Gasset Park is the largest green space in Ciudad Real. Visitors can follow three different itineraries based on the park’s features. The first is called “Singular Trees”, with a length of 740m, the second is called “Monuments and Sculptures” and stretches for 1000m, and the third one, “Ornamental Fountains, is also 1000m long. Pick one or take your time and follow all three of them.
The Museum Quixote pays tribute to the infamous character created by the Spanish writer Miguel de Cervantes. This museum uses art and multimedia to create an interactive experience of Don Quixote de la Mancha. You’ll see movies, exhibits and several paintings made by José Jiménez Miranda, one of the best 19th-century illustrators of Don Quixote. Look out for the recreated version of a 17th-century Madrid printing press. The museum also includes the Cervantes library, which features more than 3,000 volumes.
Return to the city centre and stop by Plaza Mayor, one of the liveliest squares in the city. It is a meeting point for locals and visitors and a great spot to grab a drink in the evening. Around here is the Casa del Arco, the first Consistorial House installed in the city in the 15th century. The building suffered major damages in 1755 following the tragic Lisbon Earthquake that reached Ciudad Real. Today most people head here to see the carillon watch, inaugurated in 2005 by the princes of Asturias. The three automaton figures: Don Quijote, his companion Sancho Panza and Miguel de Cervantes come out at specific times. On the opposite side of the square is the City Hall, a somewhat controversial building which combines Neo-gothic features with Nordic influences.

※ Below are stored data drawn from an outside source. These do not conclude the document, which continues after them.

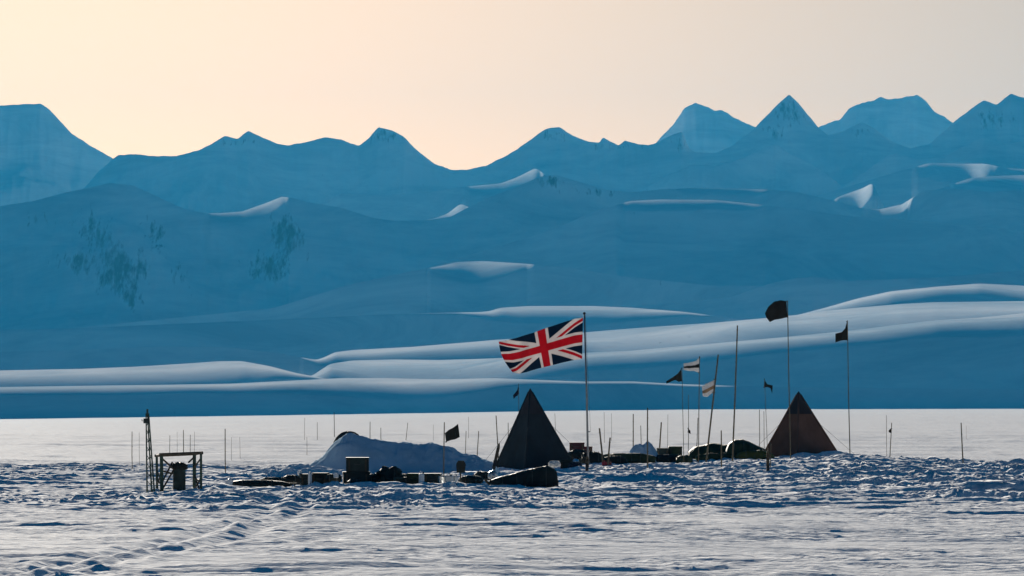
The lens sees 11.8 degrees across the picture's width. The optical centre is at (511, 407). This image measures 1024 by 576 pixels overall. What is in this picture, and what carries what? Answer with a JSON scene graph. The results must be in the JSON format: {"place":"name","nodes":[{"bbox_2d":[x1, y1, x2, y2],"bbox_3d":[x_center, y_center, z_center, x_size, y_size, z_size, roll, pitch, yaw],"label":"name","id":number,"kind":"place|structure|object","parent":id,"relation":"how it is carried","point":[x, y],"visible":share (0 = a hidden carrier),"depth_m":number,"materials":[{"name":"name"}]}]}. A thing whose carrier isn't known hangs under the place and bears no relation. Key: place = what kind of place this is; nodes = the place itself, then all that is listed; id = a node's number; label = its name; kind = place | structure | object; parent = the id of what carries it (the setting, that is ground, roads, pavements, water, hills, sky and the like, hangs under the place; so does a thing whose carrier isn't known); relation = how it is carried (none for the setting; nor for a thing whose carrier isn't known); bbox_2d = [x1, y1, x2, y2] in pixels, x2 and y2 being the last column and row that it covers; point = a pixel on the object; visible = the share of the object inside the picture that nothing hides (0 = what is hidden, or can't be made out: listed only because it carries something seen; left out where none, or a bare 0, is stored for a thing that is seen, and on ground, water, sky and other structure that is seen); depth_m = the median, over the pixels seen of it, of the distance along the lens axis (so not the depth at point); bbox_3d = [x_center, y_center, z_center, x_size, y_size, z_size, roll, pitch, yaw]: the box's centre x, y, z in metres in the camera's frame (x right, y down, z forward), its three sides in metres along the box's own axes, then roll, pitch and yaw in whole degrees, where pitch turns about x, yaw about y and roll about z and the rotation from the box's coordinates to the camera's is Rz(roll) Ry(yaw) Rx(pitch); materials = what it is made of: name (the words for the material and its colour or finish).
{"place":"outdoors","nodes":[
{"label":"outdoors","id":0,"kind":"place"},
{"bbox_2d":[0,104,112,205],"bbox_3d":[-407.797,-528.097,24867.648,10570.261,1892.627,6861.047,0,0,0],"label":"massif","id":1,"kind":"structure","parent":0,"point":[45,152],"depth_m":23837.15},
{"bbox_2d":[0,361,325,386],"bbox_3d":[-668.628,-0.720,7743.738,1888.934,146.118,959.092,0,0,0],"label":"glacier","id":2,"kind":"object","parent":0,"point":[224,372],"visible":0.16,"depth_m":7632.82,"materials":[{"name":"white snow"}]},
{"bbox_2d":[0,306,749,359],"bbox_3d":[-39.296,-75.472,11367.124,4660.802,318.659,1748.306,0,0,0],"label":"snow slope","id":3,"kind":"structure","parent":0,"point":[315,338],"depth_m":11053.86,"materials":[{"name":"snow"}]},
{"bbox_2d":[78,261,760,327],"bbox_3d":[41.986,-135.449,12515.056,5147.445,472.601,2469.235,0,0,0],"label":"snow slope","id":4,"kind":"structure","parent":0,"point":[475,286],"depth_m":12138.12,"materials":[{"name":"snow"}]},
{"bbox_2d":[321,169,544,220],"bbox_3d":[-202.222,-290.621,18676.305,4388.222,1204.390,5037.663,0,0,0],"label":"snow slope","id":5,"kind":"structure","parent":0,"point":[421,206],"depth_m":18137.77,"materials":[{"name":"blue snow"}]},
{"bbox_2d":[428,205,467,219],"bbox_3d":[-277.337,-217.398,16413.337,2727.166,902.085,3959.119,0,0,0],"label":"snow slope","id":6,"kind":"structure","parent":0,"point":[457,209],"depth_m":16283.71,"materials":[{"name":"white snow"}]},
{"bbox_2d":[0,409,1023,575],"bbox_3d":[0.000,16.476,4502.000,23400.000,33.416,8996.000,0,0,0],"label":"snow field","id":7,"kind":"structure","parent":0,"point":[76,499],"depth_m":97.11,"materials":[{"name":"white snow"}]},
{"bbox_2d":[143,409,154,492],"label":"mast","id":8,"kind":"object","parent":7,"relation":"on","point":[146,419],"visible":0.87,"depth_m":111.97,"materials":[{"name":"black metal"}]},
{"bbox_2d":[154,451,202,491],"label":"timber frame","id":9,"kind":"object","parent":7,"relation":"on","point":[160,480],"visible":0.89,"depth_m":113.66,"materials":[{"name":"green paint"}]},
{"bbox_2d":[171,462,187,490],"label":"drum","id":10,"kind":"object","parent":7,"relation":"on","point":[179,477],"visible":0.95,"depth_m":113.88,"materials":[{"name":"black metal"}]},
{"bbox_2d":[225,429,225,472],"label":"marker pole","id":11,"kind":"object","parent":7,"relation":"on","point":[225,450],"visible":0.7,"depth_m":134.97,"materials":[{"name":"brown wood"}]},
{"bbox_2d":[226,478,232,484],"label":"jerrycan","id":12,"kind":"object","parent":7,"relation":"on","point":[229,481],"visible":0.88,"depth_m":117.97,"materials":[{"name":"white plastic"}]},
{"bbox_2d":[259,477,291,482],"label":"kit bag","id":13,"kind":"object","parent":7,"relation":"on","point":[284,479],"visible":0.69,"depth_m":119.26,"materials":[{"name":"fabric"}]},
{"bbox_2d":[284,475,300,484],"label":"kit bag","id":14,"kind":"object","parent":7,"relation":"on","point":[295,478],"visible":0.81,"depth_m":119.46,"materials":[{"name":"fabric"}]},
{"bbox_2d":[248,464,344,476],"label":"snow drift","id":15,"kind":"object","parent":7,"relation":"on","point":[274,471],"visible":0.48,"depth_m":133.44,"materials":[{"name":"white snow"}]},
{"bbox_2d":[298,474,312,484],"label":"crate","id":16,"kind":"object","parent":7,"relation":"on","point":[304,479],"visible":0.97,"depth_m":120.82,"materials":[{"name":"brown wood"}]},
{"bbox_2d":[308,471,311,484],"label":"jerrycan","id":17,"kind":"object","parent":7,"relation":"on","point":[309,478],"visible":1,"depth_m":120.56,"materials":[{"name":"white plastic"}]},
{"bbox_2d":[312,473,328,483],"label":"crate","id":18,"kind":"object","parent":7,"relation":"on","point":[319,477],"visible":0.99,"depth_m":121.22,"materials":[{"name":"brown wood"}]},
{"bbox_2d":[324,473,341,482],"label":"kit bag","id":19,"kind":"object","parent":7,"relation":"on","point":[329,478],"visible":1,"depth_m":120.86,"materials":[{"name":"fabric"}]},
{"bbox_2d":[333,431,358,442],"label":"dome tent","id":20,"kind":"object","parent":7,"relation":"on","point":[342,434],"visible":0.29,"depth_m":141.47,"materials":[{"name":"fabric"}]},
{"bbox_2d":[346,479,359,483],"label":"kit bag","id":21,"kind":"object","parent":7,"relation":"on","point":[351,481],"visible":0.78,"depth_m":120.50,"materials":[{"name":"fabric"}]},
{"bbox_2d":[342,471,370,483],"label":"crate","id":22,"kind":"object","parent":7,"relation":"on","point":[361,476],"visible":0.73,"depth_m":121.75,"materials":[{"name":"brown wood"}]},
{"bbox_2d":[346,457,368,471],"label":"crate","id":23,"kind":"object","parent":22,"relation":"on","point":[357,464],"visible":1,"depth_m":121.77,"materials":[{"name":"brown wood"}]},
{"bbox_2d":[370,473,378,481],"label":"kit bag","id":24,"kind":"object","parent":7,"relation":"on","point":[374,477],"visible":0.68,"depth_m":122.22,"materials":[{"name":"fabric"}]},
{"bbox_2d":[376,466,401,482],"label":"canvas heap","id":25,"kind":"object","parent":7,"relation":"on","point":[385,474],"visible":0.76,"depth_m":122.02,"materials":[{"name":"fabric"}]},
{"bbox_2d":[393,477,406,483],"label":"crate","id":26,"kind":"object","parent":7,"relation":"on","point":[401,479],"visible":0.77,"depth_m":121.06,"materials":[{"name":"brown wood"}]},
{"bbox_2d":[309,433,499,473],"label":"snow drift","id":27,"kind":"object","parent":7,"relation":"on","point":[406,457],"visible":0.74,"depth_m":139.03,"materials":[{"name":"white snow"}]},
{"bbox_2d":[407,473,418,483],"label":"crate","id":28,"kind":"object","parent":7,"relation":"on","point":[412,478],"visible":0.73,"depth_m":121.43,"materials":[{"name":"green wood"}]},
{"bbox_2d":[419,471,423,482],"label":"jerrycan","id":29,"kind":"object","parent":7,"relation":"on","point":[421,477],"visible":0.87,"depth_m":120.96,"materials":[{"name":"white plastic"}]},
{"bbox_2d":[424,473,441,482],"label":"crate","id":30,"kind":"object","parent":7,"relation":"on","point":[430,477],"visible":0.69,"depth_m":121.80,"materials":[{"name":"brown wood"}]},
{"bbox_2d":[438,474,444,483],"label":"jerrycan","id":31,"kind":"object","parent":7,"relation":"on","point":[441,479],"visible":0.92,"depth_m":121.16,"materials":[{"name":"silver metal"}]},
{"bbox_2d":[445,473,452,481],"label":"jerrycan","id":32,"kind":"object","parent":7,"relation":"on","point":[448,478],"visible":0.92,"depth_m":120.95,"materials":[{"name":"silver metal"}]},
{"bbox_2d":[443,422,459,474],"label":"marker flag","id":33,"kind":"object","parent":7,"relation":"on","point":[451,434],"visible":1,"depth_m":130.99,"materials":[{"name":"black fabric"}]},
{"bbox_2d":[449,481,456,486],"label":"jerrycan","id":34,"kind":"object","parent":7,"relation":"on","point":[452,484],"visible":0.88,"depth_m":119.97,"materials":[{"name":"white plastic"}]},
{"bbox_2d":[456,461,465,481],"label":"shovel","id":35,"kind":"object","parent":7,"relation":"on","point":[460,467],"visible":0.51,"depth_m":122.51,"materials":[{"name":"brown wood"}]},
{"bbox_2d":[458,475,482,483],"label":"kit bag","id":36,"kind":"object","parent":7,"relation":"on","point":[474,479],"visible":0.87,"depth_m":123.80,"materials":[{"name":"fabric"}]},
{"bbox_2d":[474,471,487,478],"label":"kit bag","id":37,"kind":"object","parent":7,"relation":"on","point":[483,475],"visible":0.59,"depth_m":127.86,"materials":[{"name":"fabric"}]},
{"bbox_2d":[488,470,497,478],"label":"pale bag","id":38,"kind":"object","parent":7,"relation":"on","point":[492,474],"visible":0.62,"depth_m":125.88,"materials":[{"name":"white fabric"}]},
{"bbox_2d":[492,443,499,469],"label":"ski","id":39,"kind":"object","parent":7,"relation":"on","point":[496,457],"visible":0.8,"depth_m":139.08,"materials":[{"name":"brown wood"}]},
{"bbox_2d":[496,416,498,457],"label":"marker pole","id":40,"kind":"object","parent":7,"relation":"on","point":[497,433],"visible":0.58,"depth_m":160.00,"materials":[{"name":"brown wood"}]},
{"bbox_2d":[513,384,518,397],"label":"marker flag","id":41,"kind":"object","parent":7,"relation":"on","point":[516,394],"visible":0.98,"depth_m":153.98,"materials":[{"name":"black fabric"}]},
{"bbox_2d":[484,478,558,486],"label":"sledge","id":42,"kind":"object","parent":7,"relation":"on","point":[486,481],"visible":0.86,"depth_m":120.77,"materials":[{"name":"brown wood"}]},
{"bbox_2d":[489,466,558,485],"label":"load","id":43,"kind":"object","parent":42,"relation":"on","point":[543,476],"visible":0.99,"depth_m":120.71,"materials":[{"name":"fabric"}]},
{"bbox_2d":[498,467,559,470],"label":"snow bank","id":44,"kind":"structure","parent":7,"relation":"on","point":[501,468],"depth_m":148.11,"materials":[{"name":"white snow"}]},
{"bbox_2d":[488,389,577,469],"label":"pyramid tent","id":45,"kind":"object","parent":7,"relation":"on","point":[533,440],"visible":0.88,"depth_m":149.75,"materials":[{"name":"fabric"}]},
{"bbox_2d":[499,312,590,457],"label":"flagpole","id":46,"kind":"object","parent":7,"relation":"on","point":[554,344],"visible":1,"depth_m":146.01,"materials":[{"name":"multicoloured fabric"}]},
{"bbox_2d":[548,461,560,467],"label":"white bag","id":47,"kind":"object","parent":7,"relation":"on","point":[555,464],"visible":1,"depth_m":121.94,"materials":[{"name":"fabric"}]},
{"bbox_2d":[568,461,581,467],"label":"kit bag","id":48,"kind":"object","parent":7,"relation":"on","point":[574,464],"visible":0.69,"depth_m":146.39,"materials":[{"name":"blue fabric"}]},
{"bbox_2d":[569,442,584,450],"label":"crate","id":49,"kind":"object","parent":7,"relation":"on","point":[578,445],"visible":0.91,"depth_m":156.85,"materials":[{"name":"red paint"}]},
{"bbox_2d":[568,449,586,459],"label":"kit bag","id":50,"kind":"object","parent":7,"relation":"on","point":[575,454],"visible":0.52,"depth_m":155.23,"materials":[{"name":"fabric"}]},
{"bbox_2d":[585,456,588,470],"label":"ski","id":51,"kind":"object","parent":7,"relation":"on","point":[587,464],"visible":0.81,"depth_m":141.03,"materials":[{"name":"brown wood"}]},
{"bbox_2d":[579,450,605,463],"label":"kit bag","id":52,"kind":"object","parent":7,"relation":"on","point":[595,457],"visible":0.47,"depth_m":151.82,"materials":[{"name":"fabric"}]},
{"bbox_2d":[599,428,603,461],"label":"marker pole","id":53,"kind":"object","parent":7,"relation":"on","point":[601,445],"visible":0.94,"depth_m":149.99,"materials":[{"name":"brown wood"}]},
{"bbox_2d":[607,438,610,464],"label":"marker pole","id":54,"kind":"object","parent":7,"relation":"on","point":[608,451],"visible":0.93,"depth_m":149.99,"materials":[{"name":"brown wood"}]},
{"bbox_2d":[605,455,626,463],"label":"kit bag","id":55,"kind":"object","parent":7,"relation":"on","point":[620,459],"visible":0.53,"depth_m":152.03,"materials":[{"name":"fabric"}]},
{"bbox_2d":[604,453,655,462],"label":"kit bag","id":56,"kind":"object","parent":7,"relation":"on","point":[636,457],"visible":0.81,"depth_m":153.10,"materials":[{"name":"fabric"}]},
{"bbox_2d":[632,414,633,445],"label":"marker pole","id":57,"kind":"object","parent":7,"relation":"on","point":[633,430],"visible":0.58,"depth_m":161.98,"materials":[{"name":"brown wood"}]},
{"bbox_2d":[629,441,657,461],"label":"snow drift","id":58,"kind":"object","parent":7,"relation":"on","point":[638,448],"visible":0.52,"depth_m":155.77,"materials":[{"name":"white snow"}]},
{"bbox_2d":[647,408,648,467],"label":"marker pole","id":59,"kind":"object","parent":7,"relation":"on","point":[647,438],"visible":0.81,"depth_m":145.97,"materials":[{"name":"brown wood"}]},
{"bbox_2d":[659,422,661,447],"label":"marker pole","id":60,"kind":"object","parent":7,"relation":"on","point":[660,435],"visible":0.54,"depth_m":159.97,"materials":[{"name":"brown wood"}]},
{"bbox_2d":[656,448,668,454],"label":"crate","id":61,"kind":"object","parent":7,"relation":"on","point":[660,451],"visible":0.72,"depth_m":156.82,"materials":[{"name":"green wood"}]},
{"bbox_2d":[656,454,679,462],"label":"kit bag","id":62,"kind":"object","parent":7,"relation":"on","point":[666,458],"visible":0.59,"depth_m":155.61,"materials":[{"name":"fabric"}]},
{"bbox_2d":[666,368,683,458],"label":"marker flag","id":63,"kind":"object","parent":7,"relation":"on","point":[678,377],"visible":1,"depth_m":152.99,"materials":[{"name":"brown wood"}]},
{"bbox_2d":[668,446,681,454],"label":"crate","id":64,"kind":"object","parent":7,"relation":"on","point":[675,450],"visible":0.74,"depth_m":157.00,"materials":[{"name":"green wood"}]},
{"bbox_2d":[675,455,692,463],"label":"kit bag","id":65,"kind":"object","parent":7,"relation":"on","point":[686,459],"visible":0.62,"depth_m":154.80,"materials":[{"name":"fabric"}]},
{"bbox_2d":[687,395,690,454],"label":"marker flag","id":66,"kind":"object","parent":7,"relation":"on","point":[688,425],"visible":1,"depth_m":156.00,"materials":[{"name":"brown wood"}]},
{"bbox_2d":[684,356,699,461],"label":"marker flag","id":67,"kind":"object","parent":7,"relation":"on","point":[693,366],"visible":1,"depth_m":151.99,"materials":[{"name":"fabric"}]},
{"bbox_2d":[689,443,727,458],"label":"tarpaulin heap","id":68,"kind":"object","parent":7,"relation":"on","point":[713,448],"visible":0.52,"depth_m":157.49,"materials":[{"name":"fabric"}]},
{"bbox_2d":[702,355,718,461],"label":"marker flag","id":69,"kind":"object","parent":7,"relation":"on","point":[708,389],"visible":1,"depth_m":150.98,"materials":[{"name":"white fabric"}]},
{"bbox_2d":[695,453,733,461],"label":"kit bag","id":70,"kind":"object","parent":7,"relation":"on","point":[715,456],"visible":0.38,"depth_m":155.85,"materials":[{"name":"fabric"}]},
{"bbox_2d":[721,430,721,466],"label":"marker pole","id":71,"kind":"object","parent":7,"relation":"on","point":[721,448],"visible":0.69,"depth_m":145.97,"materials":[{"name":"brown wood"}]},
{"bbox_2d":[731,325,737,460],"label":"marker pole","id":72,"kind":"object","parent":7,"relation":"on","point":[734,395],"visible":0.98,"depth_m":150.98,"materials":[{"name":"brown wood"}]},
{"bbox_2d":[724,439,765,457],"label":"tarpaulin heap","id":73,"kind":"object","parent":7,"relation":"on","point":[741,445],"visible":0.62,"depth_m":156.48,"materials":[{"name":"fabric"}]},
{"bbox_2d":[735,450,774,459],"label":"bundle","id":74,"kind":"object","parent":7,"relation":"on","point":[755,454],"visible":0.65,"depth_m":155.29,"materials":[{"name":"fabric"}]},
{"bbox_2d":[759,410,759,445],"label":"marker pole","id":75,"kind":"object","parent":7,"relation":"on","point":[759,427],"visible":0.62,"depth_m":190.00,"materials":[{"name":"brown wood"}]},
{"bbox_2d":[766,449,769,470],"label":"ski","id":76,"kind":"object","parent":7,"relation":"on","point":[767,461],"visible":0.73,"depth_m":138.09,"materials":[{"name":"brown wood"}]},
{"bbox_2d":[763,378,772,448],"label":"marker flag","id":77,"kind":"object","parent":7,"relation":"on","point":[768,385],"visible":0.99,"depth_m":152.99,"materials":[{"name":"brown wood"}]},
{"bbox_2d":[765,300,790,458],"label":"marker flag","id":78,"kind":"object","parent":7,"relation":"on","point":[775,310],"visible":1,"depth_m":152.99,"materials":[{"name":"black fabric"}]},
{"bbox_2d":[765,391,853,456],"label":"pyramid tent","id":79,"kind":"object","parent":7,"relation":"on","point":[809,434],"visible":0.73,"depth_m":158.77,"materials":[{"name":"brown fabric"}]},
{"bbox_2d":[778,451,849,457],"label":"snow bank","id":80,"kind":"structure","parent":7,"relation":"on","point":[823,454],"depth_m":156.80,"materials":[{"name":"white snow"}]},
{"bbox_2d":[835,320,849,452],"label":"marker flag","id":81,"kind":"object","parent":7,"relation":"on","point":[842,335],"visible":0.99,"depth_m":157.00,"materials":[{"name":"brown wood"}]},
{"bbox_2d":[886,415,886,451],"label":"marker pole","id":82,"kind":"object","parent":7,"relation":"on","point":[886,433],"visible":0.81,"depth_m":175.01,"materials":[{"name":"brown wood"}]},
{"bbox_2d":[889,423,891,456],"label":"marker flag","id":83,"kind":"object","parent":7,"relation":"on","point":[890,430],"visible":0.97,"depth_m":165.99,"materials":[{"name":"black fabric"}]},
{"bbox_2d":[961,423,963,462],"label":"marker pole","id":84,"kind":"object","parent":7,"relation":"on","point":[962,444],"visible":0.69,"depth_m":147.97,"materials":[{"name":"brown wood"}]},
{"bbox_2d":[0,175,1023,329],"bbox_3d":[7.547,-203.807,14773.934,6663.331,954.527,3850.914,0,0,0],"label":"foothill range","id":85,"kind":"structure","parent":0,"point":[108,253],"depth_m":14339.51,"materials":[{"name":"blue snow"}]},
{"bbox_2d":[0,378,1023,418],"bbox_3d":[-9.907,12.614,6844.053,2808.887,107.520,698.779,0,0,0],"label":"glacier","id":86,"kind":"object","parent":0,"point":[350,396],"visible":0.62,"depth_m":6679.84,"materials":[{"name":"snow"}]},
{"bbox_2d":[0,301,1023,375],"bbox_3d":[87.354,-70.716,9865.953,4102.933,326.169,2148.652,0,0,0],"label":"glacier","id":87,"kind":"object","parent":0,"point":[633,339],"visible":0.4,"depth_m":9609.77,"materials":[{"name":"white snow"}]},
{"bbox_2d":[0,0,1023,169],"label":"sky","id":88,"kind":"structure","parent":0,"point":[467,84],"materials":[{"name":"beige"}]},
{"bbox_2d":[84,94,1023,212],"bbox_3d":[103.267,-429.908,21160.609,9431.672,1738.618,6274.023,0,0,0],"label":"mountain range","id":89,"kind":"structure","parent":0,"point":[247,170],"depth_m":20415.96,"materials":[{"name":"blue snow"}]},
{"bbox_2d":[560,459,572,467],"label":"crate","id":90,"kind":"object","parent":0,"point":[564,463],"visible":0.84,"depth_m":146.85,"materials":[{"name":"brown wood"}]},
{"bbox_2d":[312,313,1023,389],"bbox_3d":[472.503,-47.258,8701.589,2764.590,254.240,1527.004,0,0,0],"label":"glacier","id":91,"kind":"object","parent":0,"point":[979,353],"visible":0.31,"depth_m":8386.85,"materials":[{"name":"white snow"}]},
{"bbox_2d":[424,199,1023,285],"bbox_3d":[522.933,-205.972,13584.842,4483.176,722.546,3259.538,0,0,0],"label":"snow slope","id":92,"kind":"structure","parent":0,"point":[715,242],"depth_m":13139.53,"materials":[{"name":"blue snow"}]},
{"bbox_2d":[656,95,951,152],"bbox_3d":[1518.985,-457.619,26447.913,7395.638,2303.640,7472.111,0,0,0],"label":"peaks","id":93,"kind":"object","parent":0,"point":[912,121],"visible":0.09,"depth_m":25418.52,"materials":[{"name":"blue snow"}]},
{"bbox_2d":[623,270,1023,318],"bbox_3d":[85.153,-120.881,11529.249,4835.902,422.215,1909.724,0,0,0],"label":"snow slope","id":94,"kind":"structure","parent":0,"point":[804,295],"depth_m":11406.05,"materials":[{"name":"snow"}]},
{"bbox_2d":[834,184,884,208],"bbox_3d":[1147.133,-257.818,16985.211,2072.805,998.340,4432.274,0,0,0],"label":"snow slope","id":95,"kind":"structure","parent":0,"point":[867,197],"depth_m":16621.45,"materials":[{"name":"snow"}]},
{"bbox_2d":[799,284,1023,314],"bbox_3d":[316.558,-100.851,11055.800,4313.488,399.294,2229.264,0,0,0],"label":"snow slope","id":96,"kind":"structure","parent":0,"point":[978,293],"depth_m":10739.75,"materials":[{"name":"white snow"}]},
{"bbox_2d":[816,163,1023,207],"bbox_3d":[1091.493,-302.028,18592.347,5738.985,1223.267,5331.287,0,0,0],"label":"snow slope","id":97,"kind":"structure","parent":0,"point":[897,188],"depth_m":17986.35,"materials":[{"name":"blue snow"}]},
{"bbox_2d":[843,138,1023,187],"bbox_3d":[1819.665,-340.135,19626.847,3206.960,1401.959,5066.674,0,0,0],"label":"mountain spur","id":98,"kind":"structure","parent":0,"point":[990,152],"depth_m":19060.75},
{"bbox_2d":[896,175,1023,205],"bbox_3d":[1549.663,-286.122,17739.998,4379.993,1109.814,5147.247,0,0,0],"label":"snow slope","id":99,"kind":"structure","parent":0,"point":[996,183],"depth_m":17361.49,"materials":[{"name":"blue snow"}]},
{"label":"sledge","id":100,"kind":"object","parent":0,"visible":0},
{"bbox_2d":[225,480,291,486],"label":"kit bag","id":101,"kind":"object","parent":100,"relation":"on","point":[258,483],"visible":0.74,"depth_m":118.11,"materials":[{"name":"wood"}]}
]}

Ciudad Real only has a few attractions, all of which you can explore with kids. After taking in the monuments, you can wander through the city’s parks and squares. The Gasset Park is dotted with fun sculptures and fountains, while the Plaza Mayor offers plenty of cafés where you can stop for a snack. You can also spend an afternoon at the Mystery Time Escape Room. The games are ideal for children above eight years old. If you're visiting in the summer, you can head to Playa Park, a water park complete with slides and kid-friendly swimming pools.
The cuisine in Ciudad Real is centred around game dishes like rabbit, wild boar and venison. Popular recipes include rabbit stew and hartatunos (fried potatoes and peppers). Codfish is also a top ingredient featured in dishes like the atascaburras (mashed potatoes and cod). Below are some of the best restaurants in Ciudad Real:
The best time to visit Ciudad Real is between April and June or around September and October. During these months, the weather is warm enough, and there are fewer rainy days. The hottest month is usually July when temperatures can reach 34ºC. It’s also the busiest month to visit. January, on the other hand, is the coldest month, with an average temperature of 11ºC.